I am so guilty of taking words and making them other parts of speech. I can't seem to help myself.
Definitely. "Followers" conjures a picture of some crazy Kool-Aid drinking cult and the word "friending" is pretty creepy too.
Haha! Love the post and the comic. So true. I just wrote a blog about the equally annoying evolution--rather DEvolution--of the adjective "bad" into a noun, as in "My bad!" Check it out: www.susanllipson.blogspot.com"Writing Memorable Words" blog
Adrienne: I do it, too. But my English major soul quails. I blame Buffy.C.K. Remember Friendster!? All the wrongness started there...Susan: Hah. My bad...!
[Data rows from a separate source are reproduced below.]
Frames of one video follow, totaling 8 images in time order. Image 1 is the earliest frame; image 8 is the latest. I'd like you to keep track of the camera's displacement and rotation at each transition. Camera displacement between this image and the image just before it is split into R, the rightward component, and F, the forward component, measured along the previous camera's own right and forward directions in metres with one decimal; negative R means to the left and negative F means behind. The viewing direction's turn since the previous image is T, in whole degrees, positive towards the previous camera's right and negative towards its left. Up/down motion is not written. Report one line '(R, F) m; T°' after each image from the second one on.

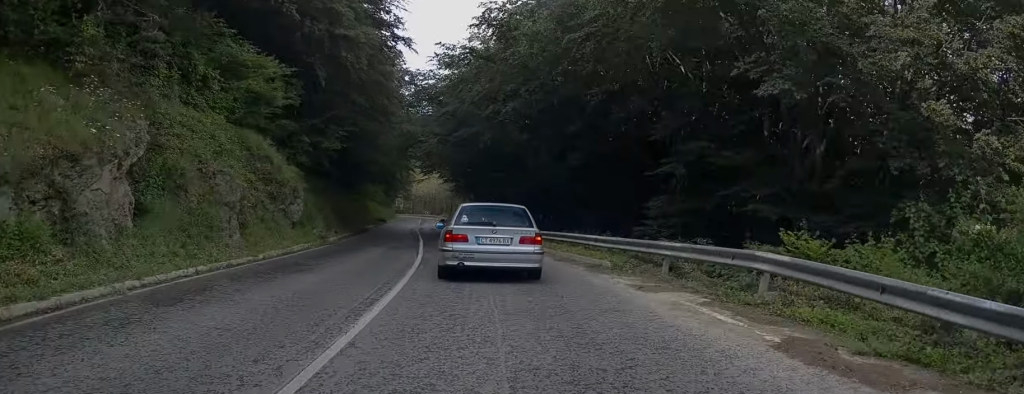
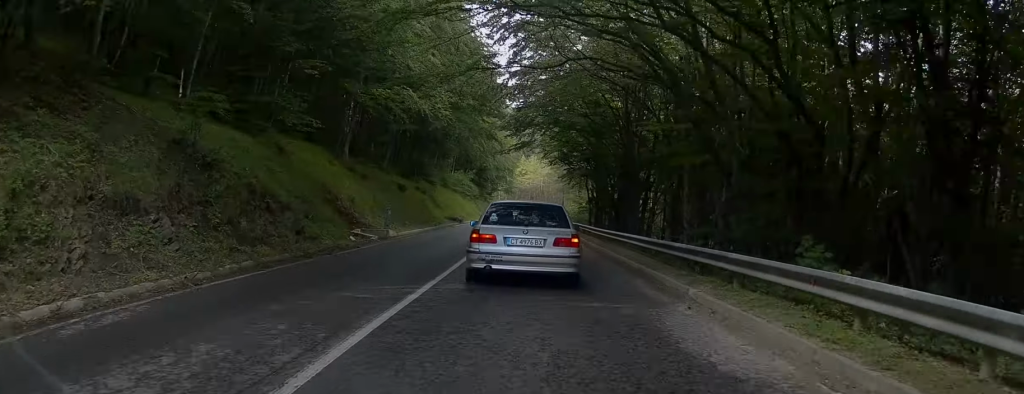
(-0.8, +25.7) m; -3°
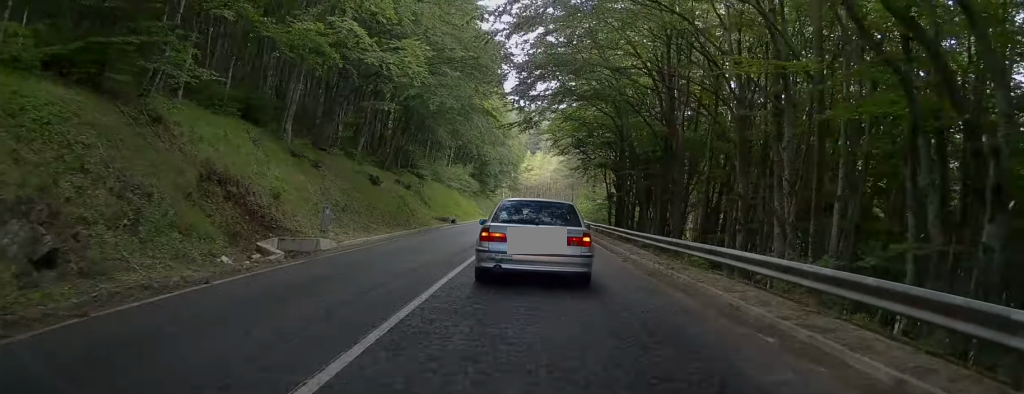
(-0.1, +9.7) m; -1°
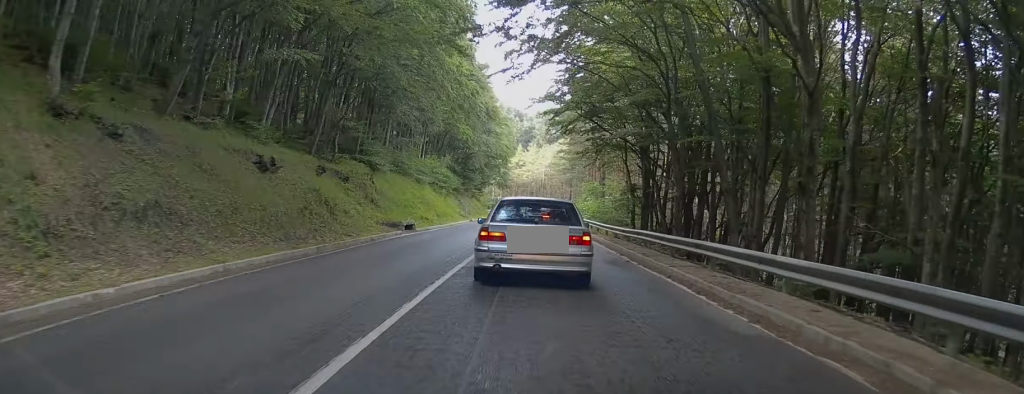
(-0.2, +14.0) m; -2°
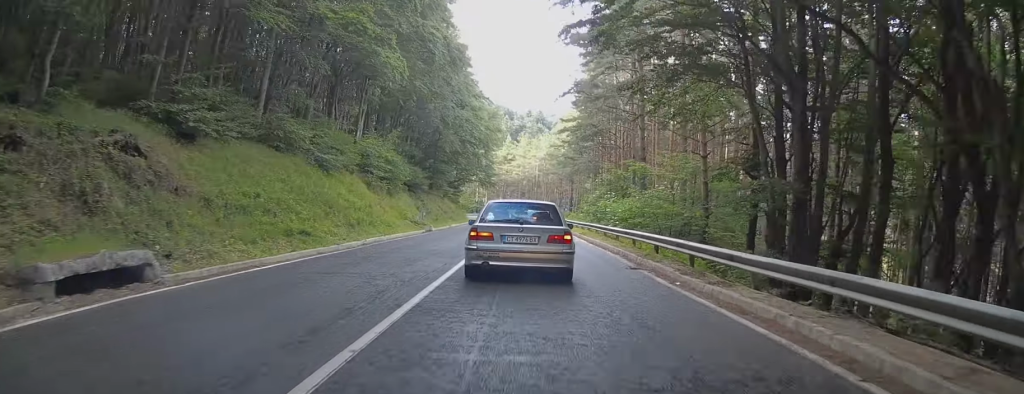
(-0.6, +21.7) m; -2°
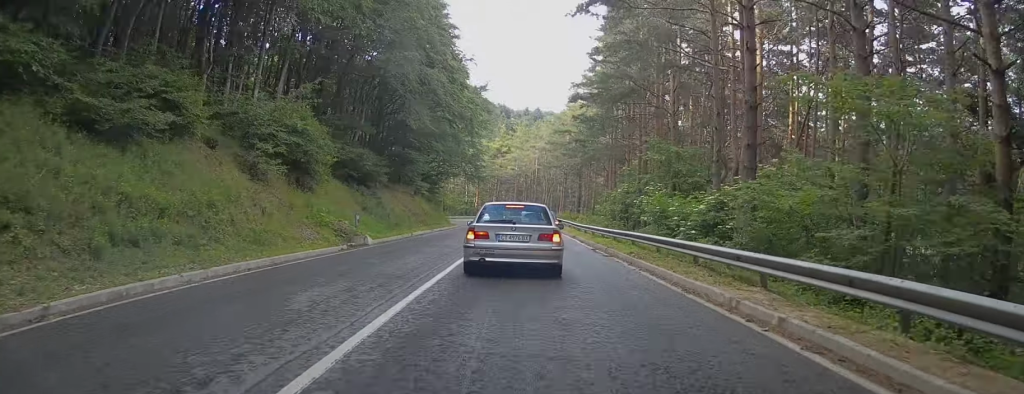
(-0.2, +16.4) m; -1°
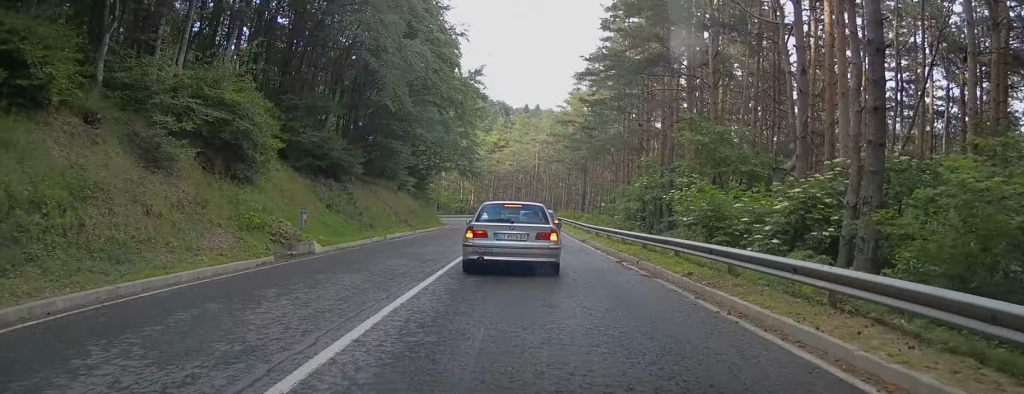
(-0.2, +6.5) m; 0°
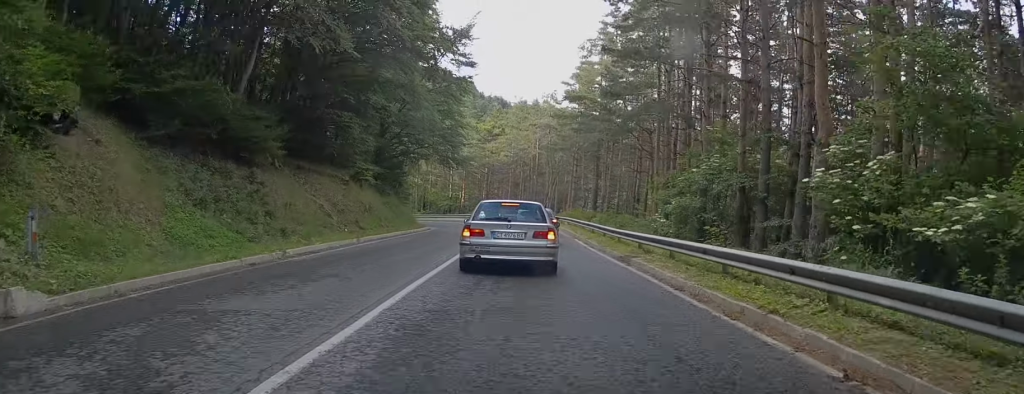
(+0.2, +12.1) m; 0°

I can't use "friend" as a verb. I say "befriend" and that's all. Maybe someday I'll change my mind if friend as a verb becomes so firmly entrenched in the English language that it becomes correct useage. We'll see. Taking words and making them into other parts of speech is called a functional shift. It's fascinating (and sometimes frustrating) to study how language changes.By the way, I think "followers" in Edwardian times had to do with female servants having boyfriends. "No followers" was often a rule. No wonder that hierarchy didn't last.
Interesting about the Edwardian connotation of "followers." I've definitely used "friend" as a verb (only for Facebook-related conversations) but it always feels vaguely wrong...as for "my bad," I'm so used to it, I guess, that it doesn't really bother me. I actually remember the first time I heard someone use it, when I was in high school, and thinking "errr?"
Do you all ever read William Safire? His columns always crack me up, such fine language-related nerdy dry humor. When I grow up, I'd like to have that kind of confidence in my use of English.
I haven't read his column in awhile, but yes, he's great! I also like Richard Lederer for language-related humor.
I like Wm. Safire! I have a dream of being that articulate as well... sometimes I feel like my brain is mushy because I don't read challenging enough columnists - but I know it's just that I get tired of people not knowing what I mean when I use certain words.